Aerospike 2.x servers running GLibC version prior to 2.12-1.149 may experience a crash due to memory corruption.

Solution:

It is recommended to upgrade to latest kernels and have a version of GLibC of 2.12-1.149 or greater.

Background:

Linux servers using GLibC versions 2.12 and later may encounter an issue where a node goes down and the /var/log/aerospke-console.[SERVER PID] contains the error *** glibc detected *** /usr/bin/cld: invalid fastbin entry (free): [ADDRESS] ***.

This may be due to a bug in GLibC. The RedHat Advisories provide additional details. See https://rhn.redhat.com/errata/RHBA-2014-0480.html and Red Hat Customer Portal - Access to 24x7 support and knowledge

If you encounter this error, first determine if you are using an affected version of GLibC:

rpm -qa | grep glibc

If your version of GLibC is 2.12 and does not have a .149 or later suffix, then your server may be affected by this issue.

If so, apply the security fix as described by your vendor. For RedHat systems, see: Red Hat Customer Portal - Access to 24x7 support and knowledge

For other systems, please contact your Linux vendor to determine if there is an update available to fix the issue specified in Red Hat Customer Portal - Access to 24x7 support and knowledge.

To be broader:

if you are running Centos 6 prior to 6.6, you are exposed to this bug. Extreme load on large multicore machines will lead to infrequent crashes.

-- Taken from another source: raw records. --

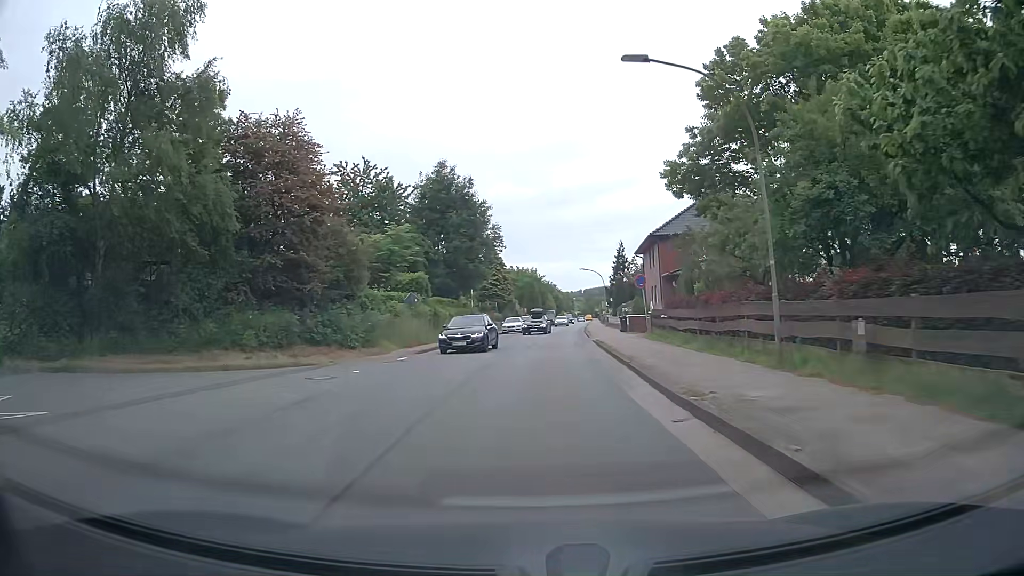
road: tertiary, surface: asphalt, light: Day
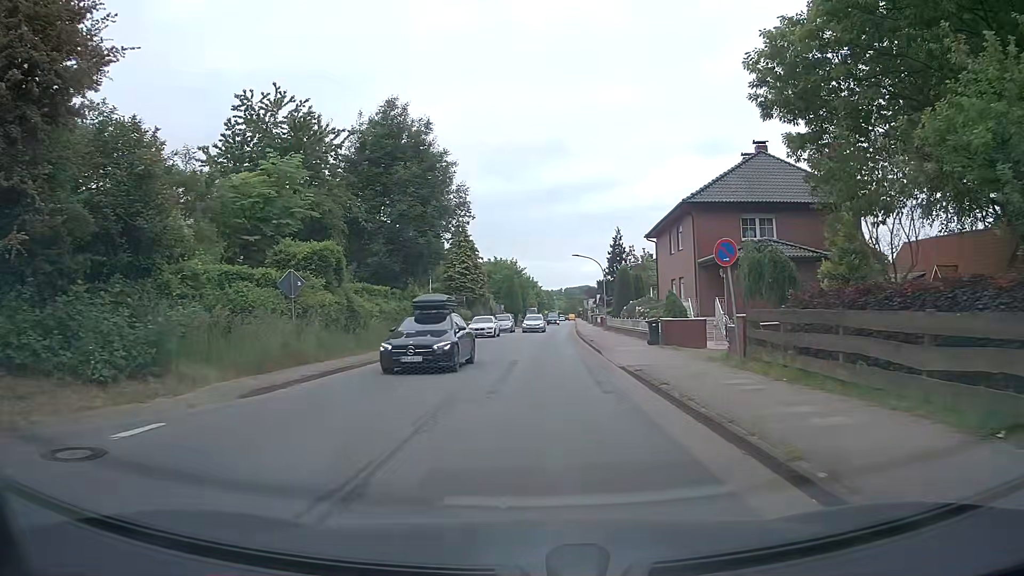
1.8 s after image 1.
(+0.2, +15.3) m; +2°
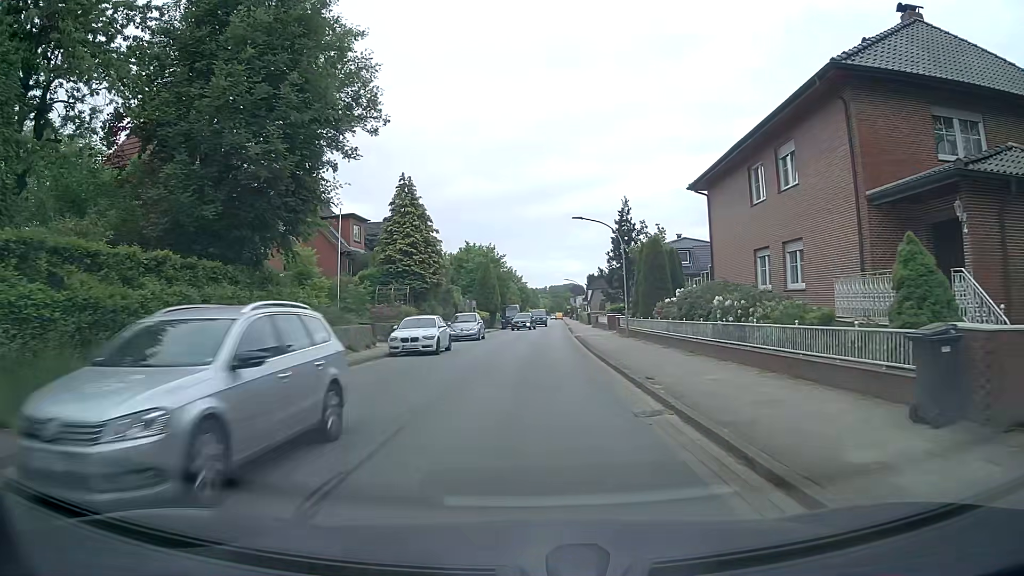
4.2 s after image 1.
(+0.4, +19.5) m; +2°
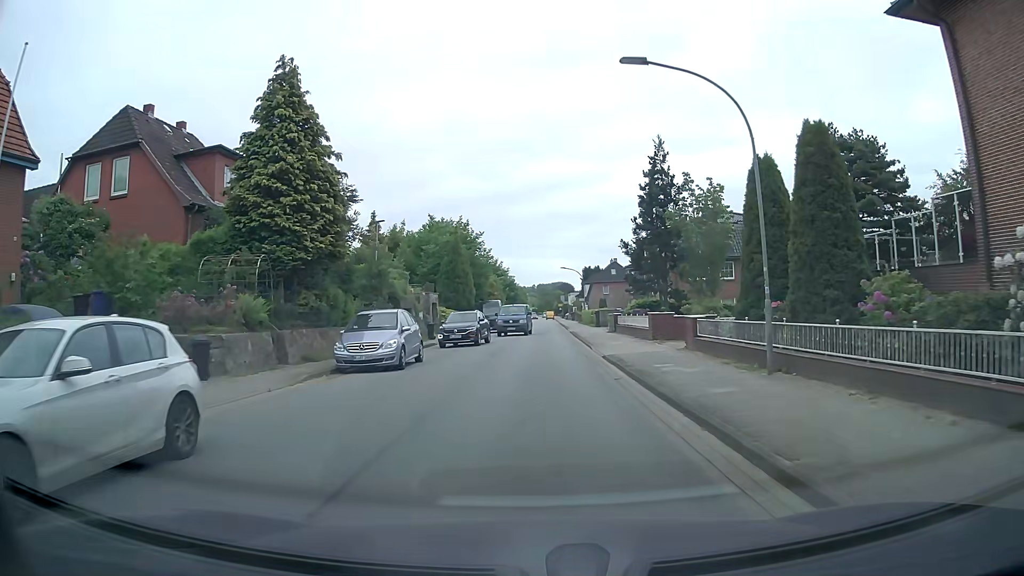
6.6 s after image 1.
(-0.2, +20.4) m; 0°
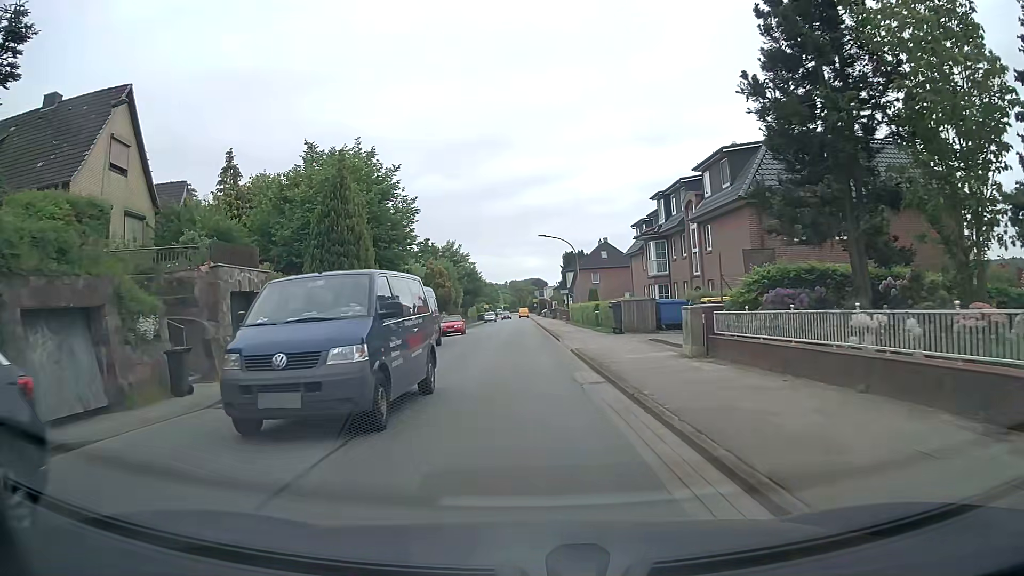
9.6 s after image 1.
(+0.6, +26.4) m; +2°
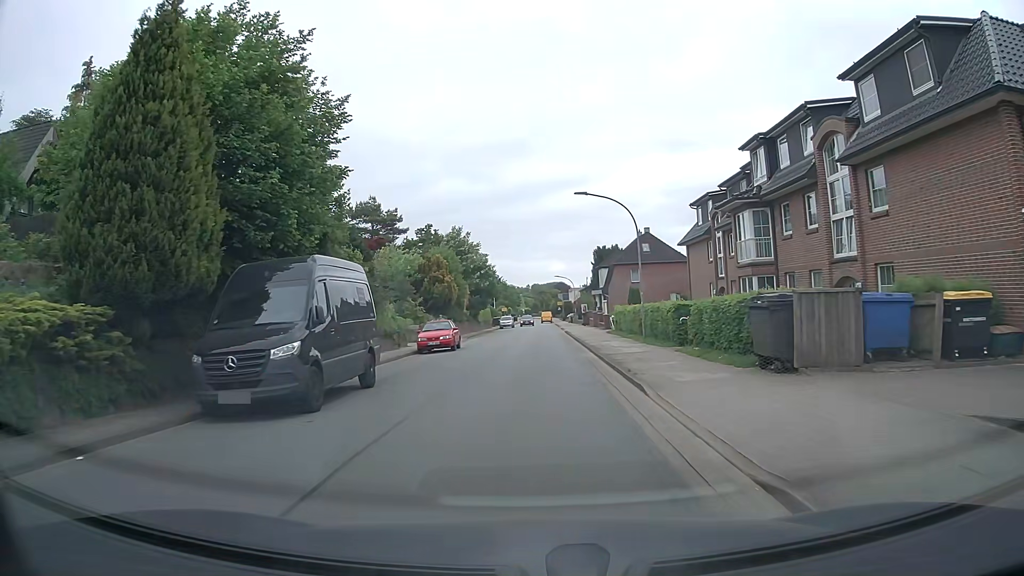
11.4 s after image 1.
(-0.3, +16.6) m; -3°
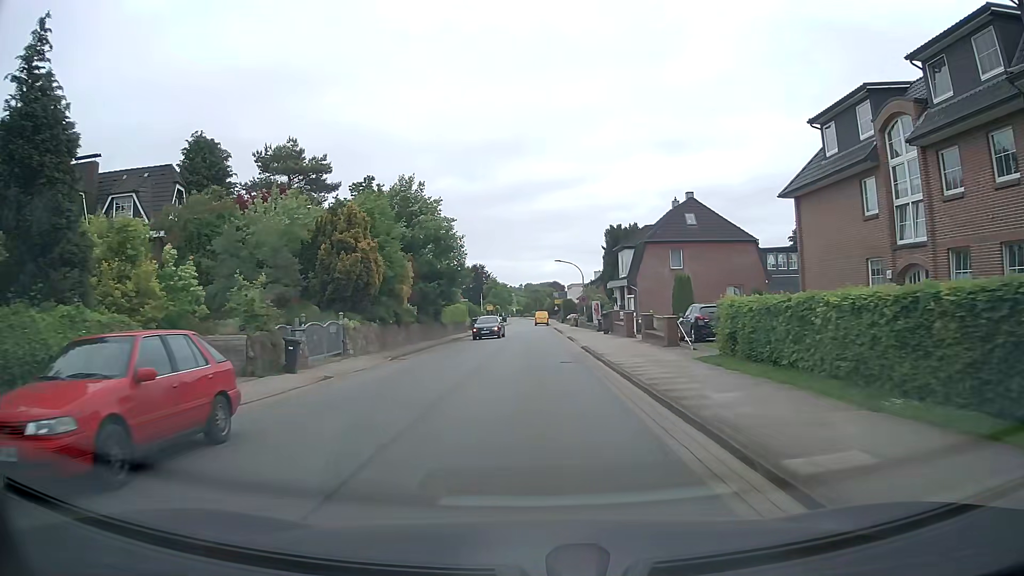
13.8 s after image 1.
(+0.6, +24.2) m; +1°
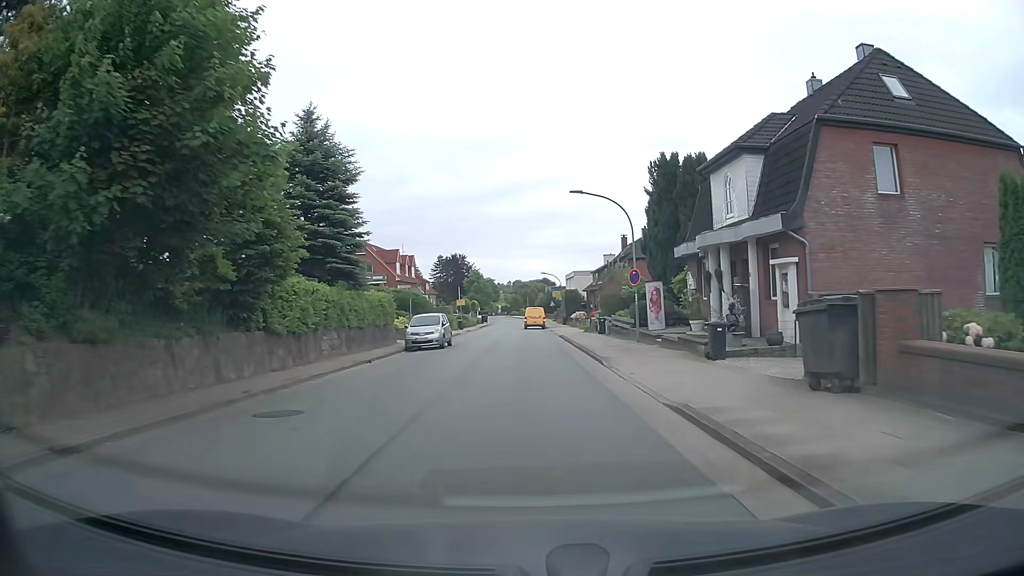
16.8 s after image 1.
(+0.2, +31.8) m; +1°

Aerospike 3.x is not exposed, due to our use of JEMalloc in that code line. In recent 2.x, you can also switch to JEMalloc (contact support for our best practices of JEMalloc version). Our switch to JEMalloc was partially driven by the desire to test against a stable, known memory allocator, instead of “whatever version the distro has”. And – JEMalloc is better suited to Aerospike’s user patterns (faster & less fragmentation — use of JEMalloc arenas has shown great benefits).

To be more complex:

This has been a long term bug in Linux Clib. It was first reported in Jan 2013 against Clib 2.15, patched in december 2013, and that patch had to ripple up and down the distributions, which took mid and into 2014. It seems this patch has worked its way through all distributions. Clib 2.19 and forward are certainly free of this bug.

The bug was originally reported in Fedora 19, and there are repro recipes in various Ubuntu distros, so tracking down whether you are exposed or not might take some time. Generally, if you see the “invalid fastbin” it’s time to get up to date on your distro (don’t need to switch to a more recent distro, just be fully patched).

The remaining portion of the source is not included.